Problem to work on
An exact restatement of all the data is required, with the pictures left out.

[Collection entries]
================================

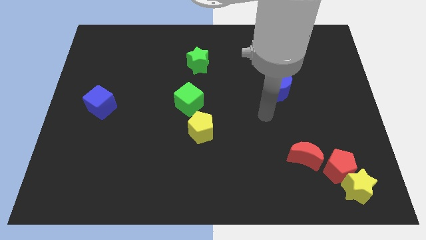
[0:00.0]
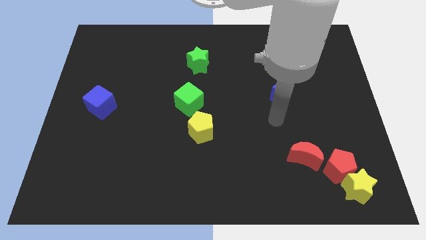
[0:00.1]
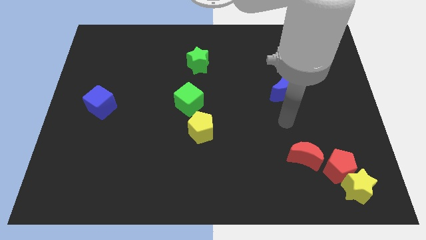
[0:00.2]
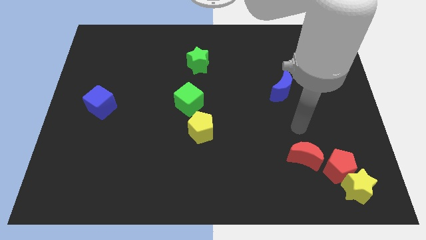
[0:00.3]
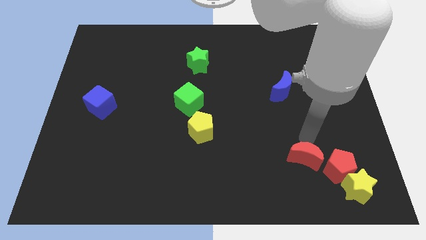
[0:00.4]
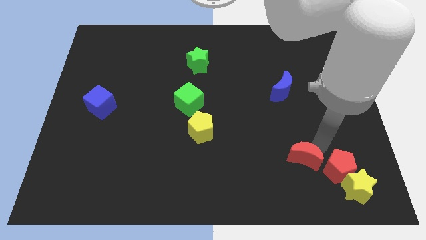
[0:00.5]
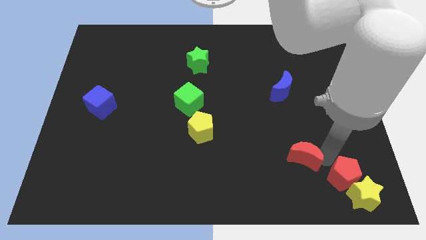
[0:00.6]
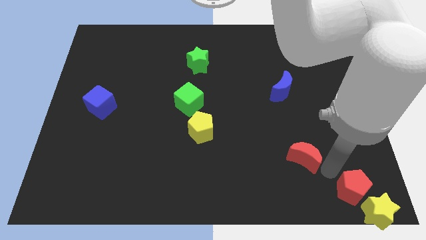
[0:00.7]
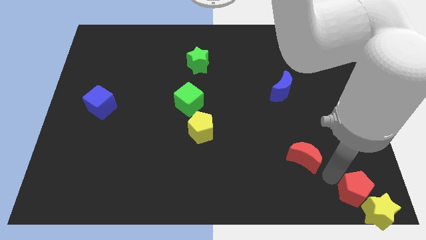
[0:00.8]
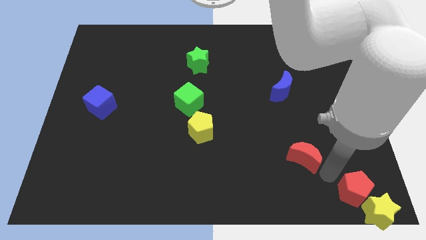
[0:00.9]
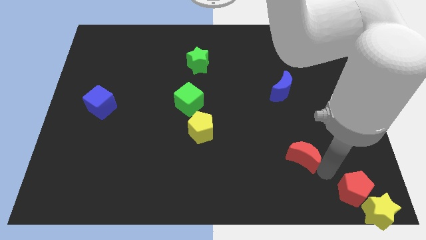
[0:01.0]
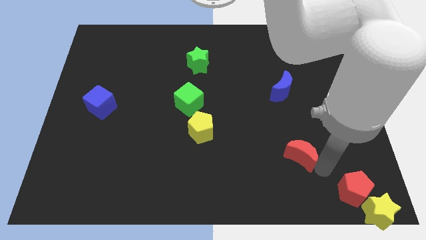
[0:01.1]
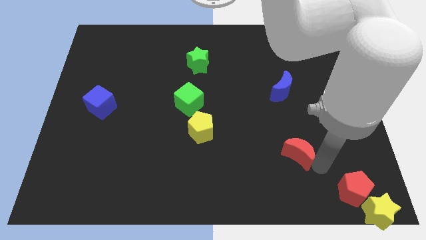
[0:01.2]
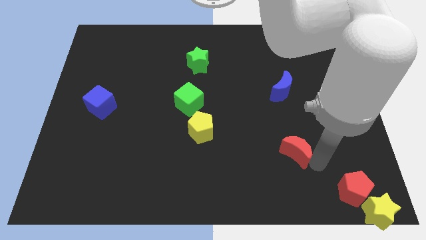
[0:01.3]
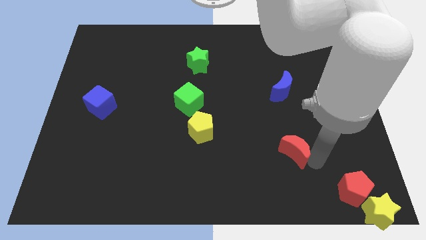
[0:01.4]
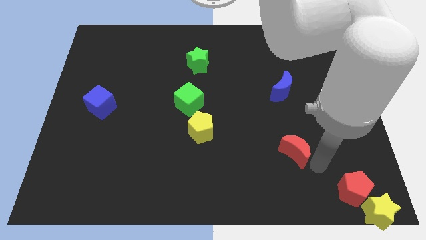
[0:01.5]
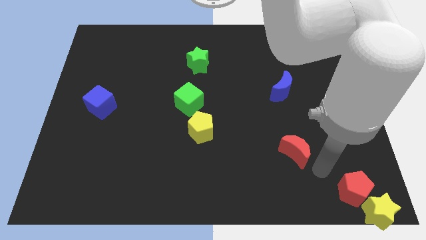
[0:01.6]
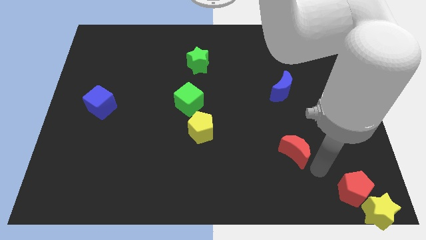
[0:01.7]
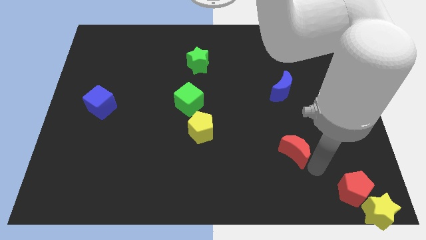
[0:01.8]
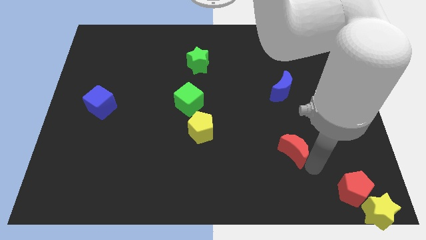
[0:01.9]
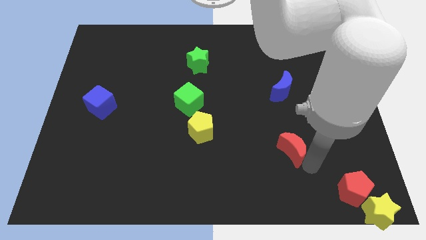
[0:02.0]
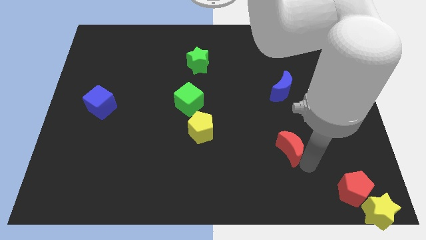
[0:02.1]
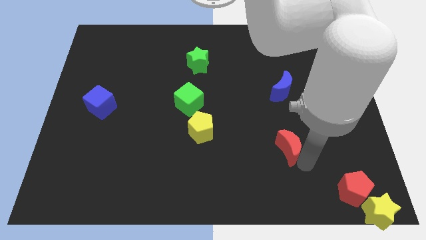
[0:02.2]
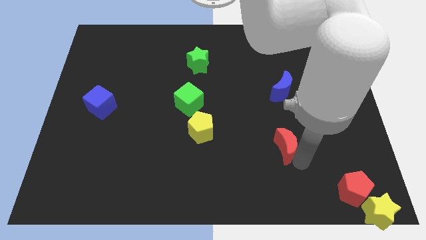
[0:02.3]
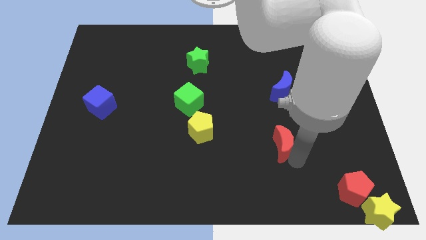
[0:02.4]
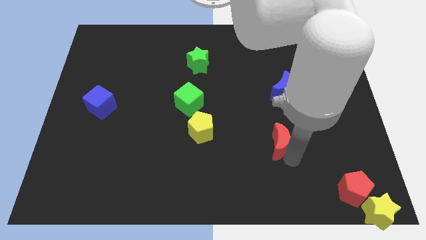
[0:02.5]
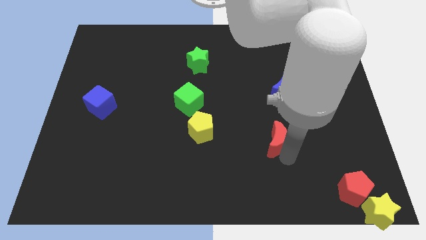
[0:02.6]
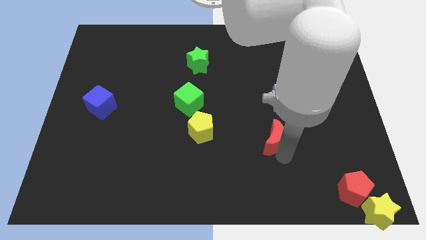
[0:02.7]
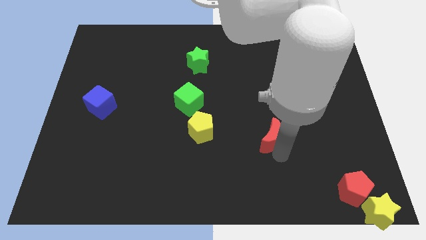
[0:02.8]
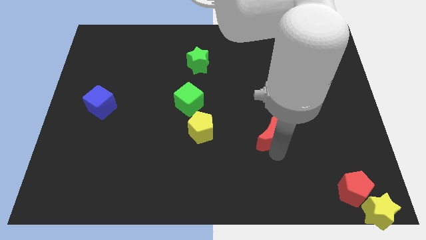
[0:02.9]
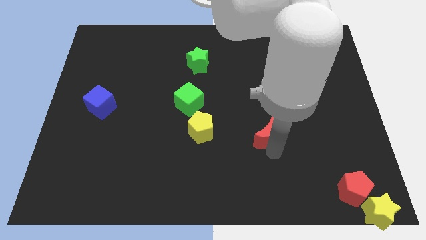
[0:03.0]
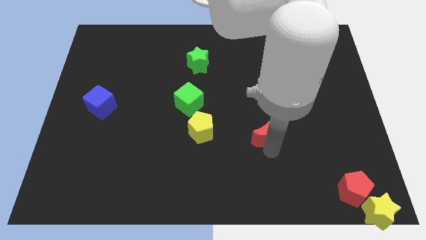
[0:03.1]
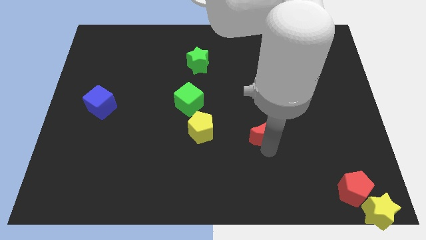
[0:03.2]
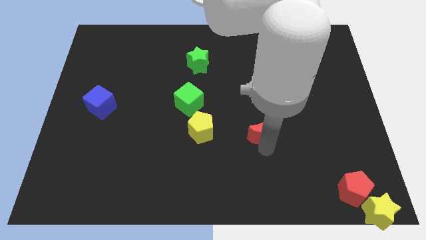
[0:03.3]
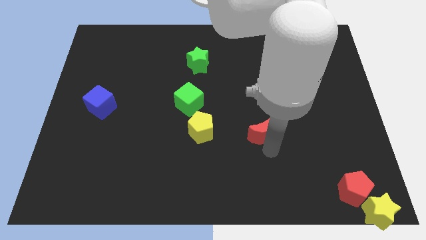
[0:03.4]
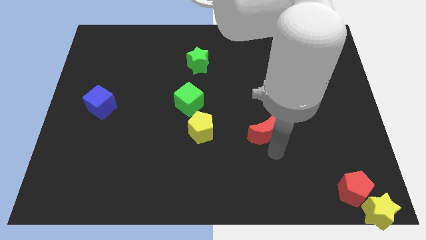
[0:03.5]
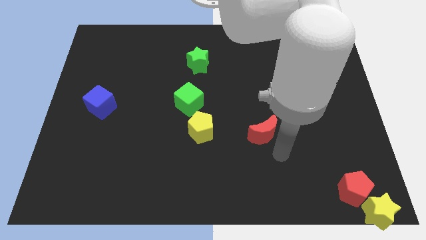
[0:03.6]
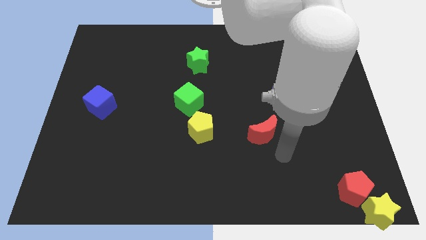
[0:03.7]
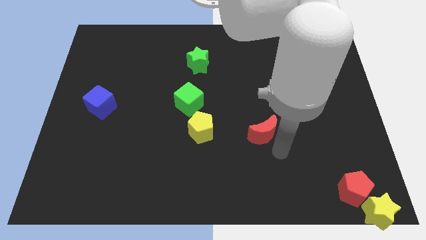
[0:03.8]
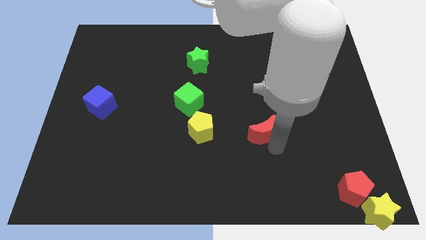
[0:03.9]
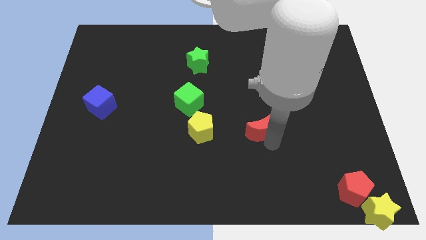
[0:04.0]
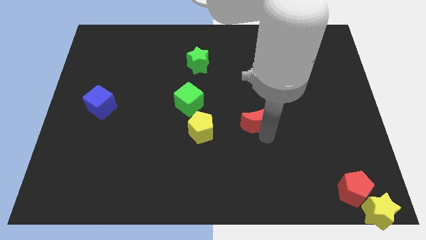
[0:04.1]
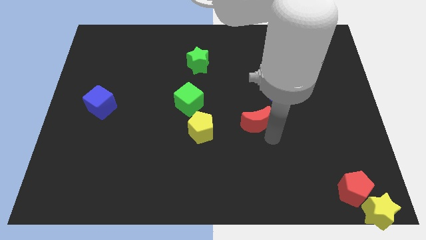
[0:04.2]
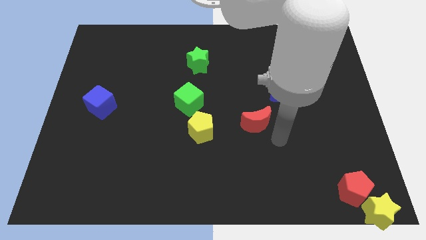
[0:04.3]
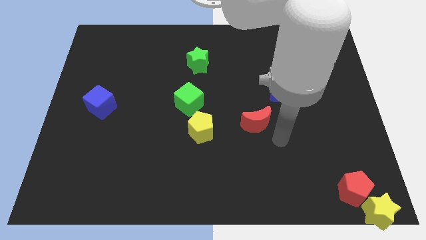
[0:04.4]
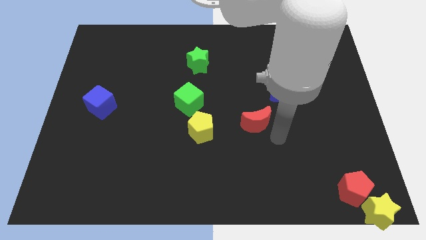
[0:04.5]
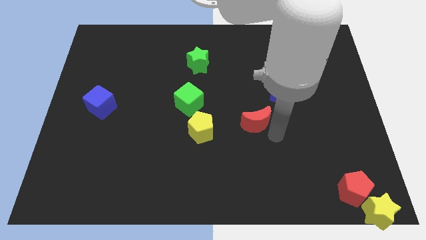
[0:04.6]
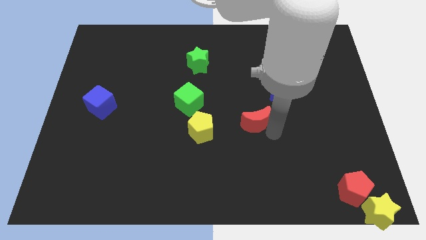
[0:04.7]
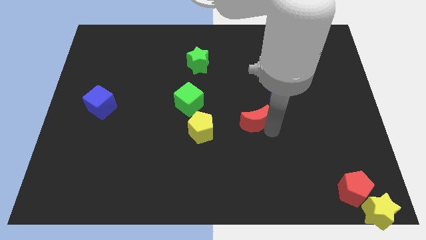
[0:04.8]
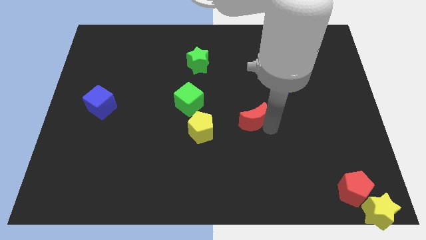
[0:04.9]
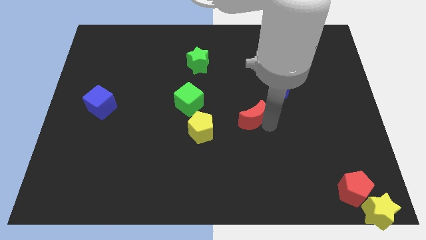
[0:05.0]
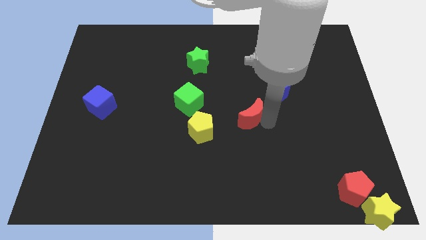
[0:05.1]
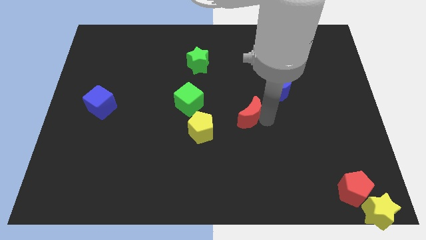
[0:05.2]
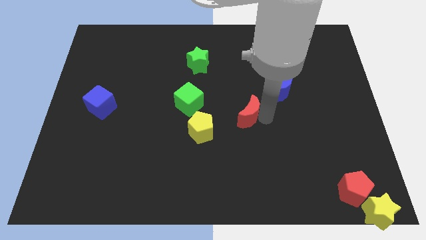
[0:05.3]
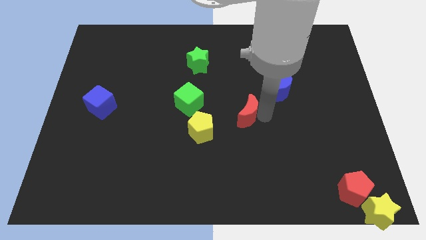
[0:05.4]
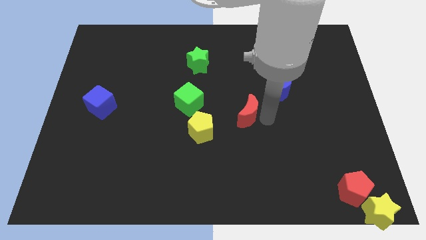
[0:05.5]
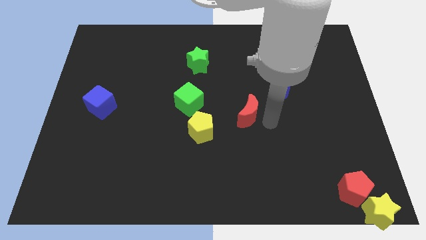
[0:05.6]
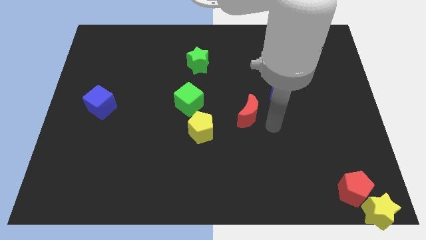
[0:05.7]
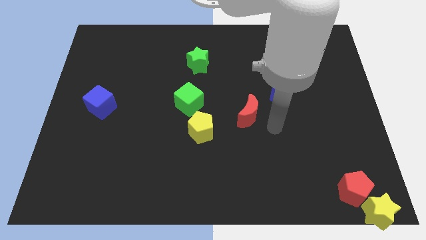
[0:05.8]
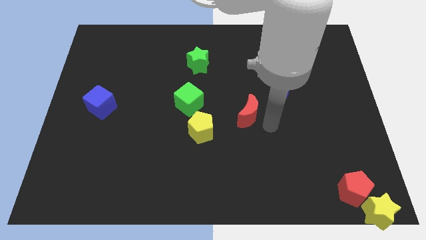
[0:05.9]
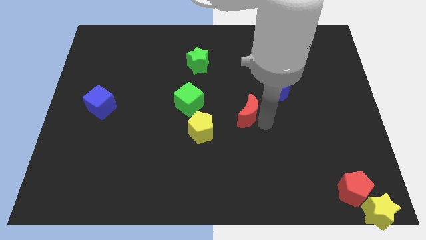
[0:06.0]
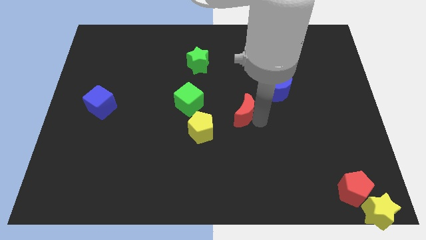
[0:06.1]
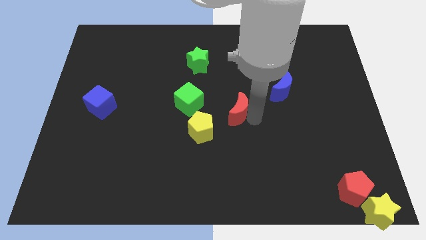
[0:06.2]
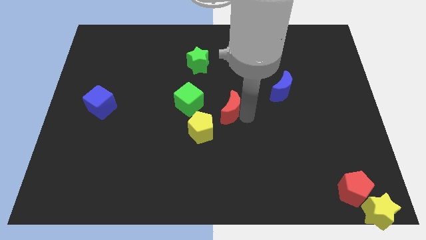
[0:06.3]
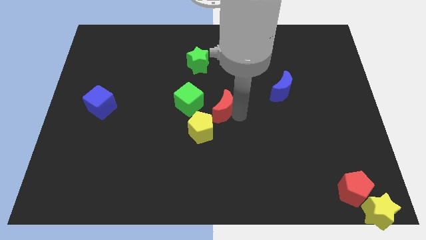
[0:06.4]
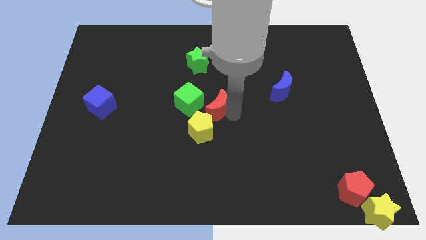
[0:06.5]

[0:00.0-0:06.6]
put the red moon to the top side of the yellow pentagon

================================

Task solution
[0:00.0]
[0:00.1]
[0:00.2]
[0:00.3]
[0:00.4]
[0:00.5]
[0:00.6]
[0:00.7]
[0:00.8]
[0:00.9]
[0:01.0]
[0:01.1]
[0:01.2]
[0:01.3]
[0:01.4]
[0:01.5]
[0:01.6]
[0:01.7]
[0:01.8]
[0:01.9]
[0:02.0]
[0:02.1]
[0:02.2]
[0:02.3]
[0:02.4]
[0:02.5]
[0:02.6]
[0:02.7]
[0:02.8]
[0:02.9]
[0:03.0]
[0:03.1]
[0:03.2]
[0:03.3]
[0:03.4]
[0:03.5]
[0:03.6]
[0:03.7]
[0:03.8]
[0:03.9]
[0:04.0]
[0:04.1]
[0:04.2]
[0:04.3]
[0:04.4]
[0:04.5]
[0:04.6]
[0:04.7]
[0:04.8]
[0:04.9]
[0:05.0]
[0:05.1]
[0:05.2]
[0:05.3]
[0:05.4]
[0:05.5]
[0:05.6]
[0:05.7]
[0:05.8]
[0:05.9]
[0:06.0]
[0:06.1]
[0:06.2]
[0:06.3]
[0:06.4]
[0:06.5]

[0:00.0-0:06.6]
put the red moon to the top side of the yellow pentagon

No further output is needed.